The results presented below are related to potential cladding materials for fast reactor fuel elements, that is, austenitic stainless steels and precipitation-hardened nickel alloys.
These materials were irradiated to a dose of 3 × 1021 nvt (E > 1 MeV) in different thermal reactors and to a dose of 1.6 × 1022 nvt (total dose) in a fast reactor. The irradiation temperature was about 700 C in thermal reactors and about 500 to 600 C in a fast reactor. After irradiation, tension tests and uniaxial stress rupture tests were performed at temperatures in the 600 to 800 C range.
For all alloys, high-temperature tests after irradiation have shown a more or less pronounced embrittlement, not recoverable by any post-irradiation annealing. This embrittlement is associated with intergranular wedge-type cracks initiating at triple points. For a given alloy, at a given temperature, the lower the rate of deformation, the more pronounced the embrittlement.

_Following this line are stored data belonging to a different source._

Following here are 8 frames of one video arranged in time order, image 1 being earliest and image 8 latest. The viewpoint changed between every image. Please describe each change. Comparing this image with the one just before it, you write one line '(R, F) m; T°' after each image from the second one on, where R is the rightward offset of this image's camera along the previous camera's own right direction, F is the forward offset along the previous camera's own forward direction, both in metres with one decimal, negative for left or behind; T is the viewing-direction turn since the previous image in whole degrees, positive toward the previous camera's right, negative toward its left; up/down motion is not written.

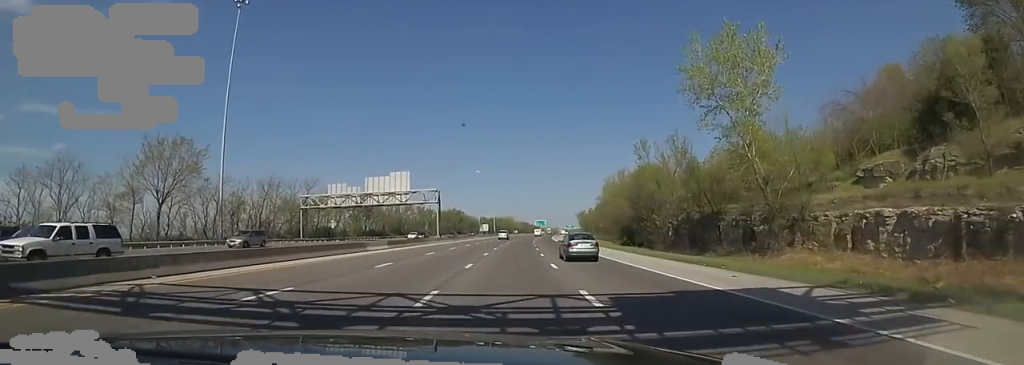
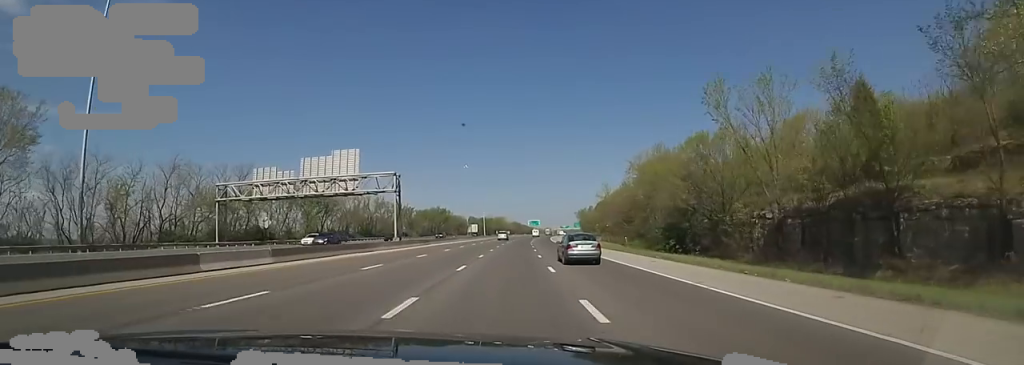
(0.0, +21.1) m; +1°
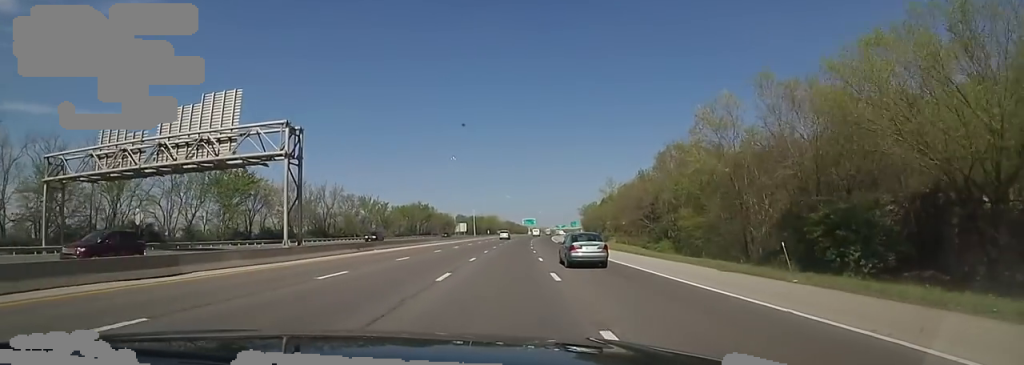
(+0.1, +23.4) m; +2°
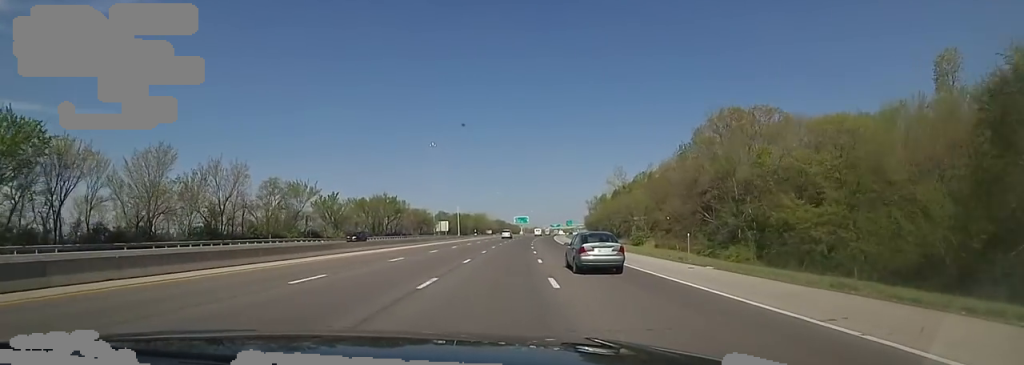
(+1.1, +31.4) m; +2°
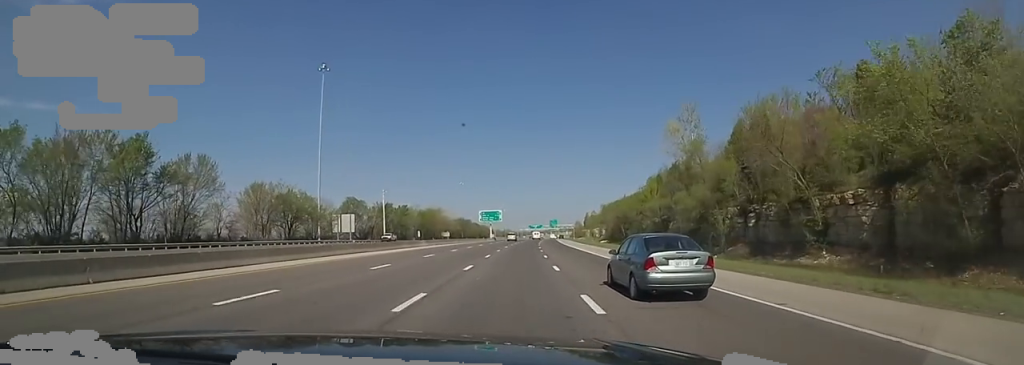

For Type 316 austenitic steels, we observed that the radiation induced hardening was low and disappeared at a maximum temperature of 800 C. The embrittlement was associated with a decrease in the nonuniform part of the elongation in tension tests and with a decrease in the elongation and duration in the tertiary stage of stress-rupture tests. Two types of factors were studied: 1. Those concerning the structural parameters: grain size, precipitation, prestraining, and chemical composition. 2. These concerning the actual conditions of irradiation.